Objective: We sought to identify patterns of medical care utilization that would distinguish somatizing and nonsomatizing medical outpatients with acceptable sensitivity and specificity.
Design: Subjects completed questionnaires assessing somatization and sociodemographic characteristics. Their medical care utilization was obtained for the 12 months preceding the index visit. We then used multivariable logistic regression and recursive partitioning to identify patients with a provisional diagnosis of somatoform disorder. These exploratory models used various patterns of medical care utilization and sociodemographic characteristics as the independent variables.
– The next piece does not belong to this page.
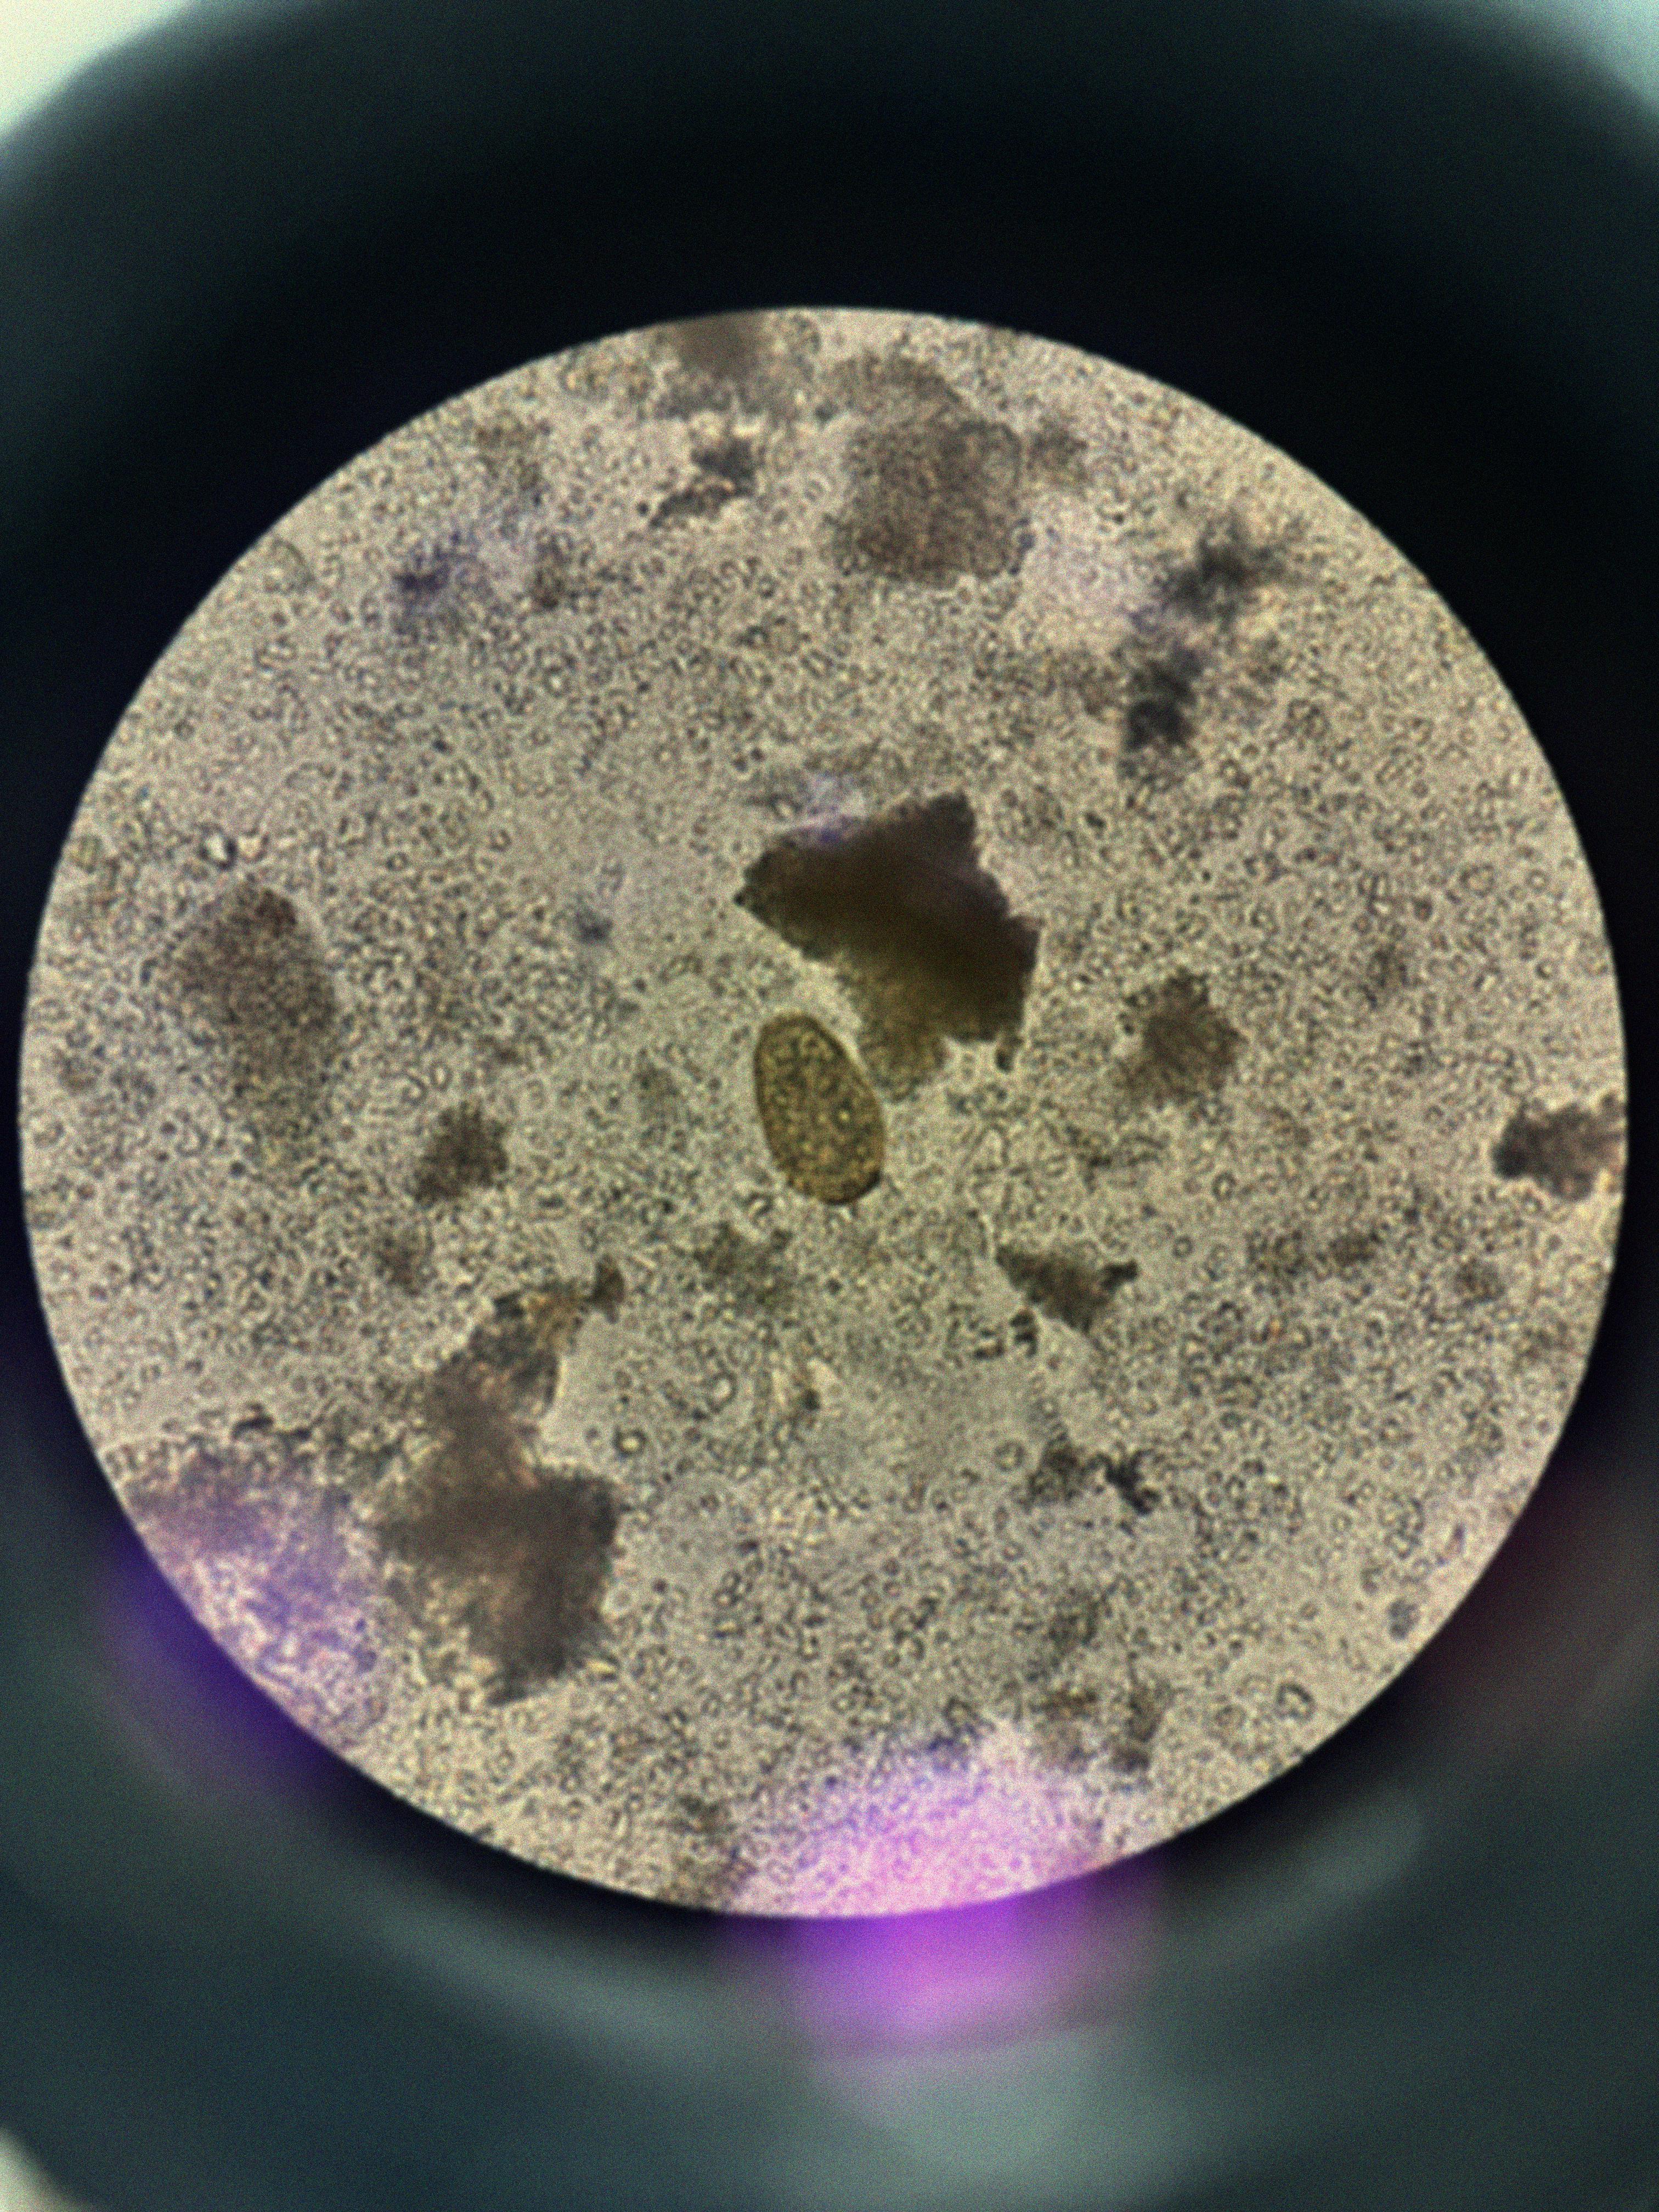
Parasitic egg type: Paragonimus spp

Subjects: We studied consecutive adults attending 2 primary care practices on randomly chosen days.
Measures: The provisional diagnosis of a somatoform disorder was assessed with a 15-item self-report questionnaire. The number of primary care visits, specialty visits, mental health visits, emergency visits, and inpatient and outpatient costs were obtained for the 12 months preceding the index visit from our hospital's automated medical records, which also provided a rating of aggregate medical morbidity. Self-reported utilization outside our hospital system was obtained from a subsample of patients.
Results: Complete data were obtained on 1440 patients. Somatizing patients had more specialty care than primary care visits, higher outpatient than inpatient costs, and more emergency visits than nonsomatizing patients. A regression model containing 7 measures of utilization and 4 sociodemographic characteristics distinguished somatizing and nonsomatizing patients with a c-statistic = 0.73. Recursive partitioning identified 10 terminal nodes with a very high specificity (99%) but a very low sensitivity (15%).
Conclusions: We identified 7 discrete patterns of medical care utilization that distinguished somatizing and nonsomatizing patients. However, they did so with only modest specificity and sensitivity. This algorithm might be used effectively as the first step in a 2-step screening procedure whose second step would entail more intensive screening or individual, case-by-case review to identify somatizing patients in primary care practice.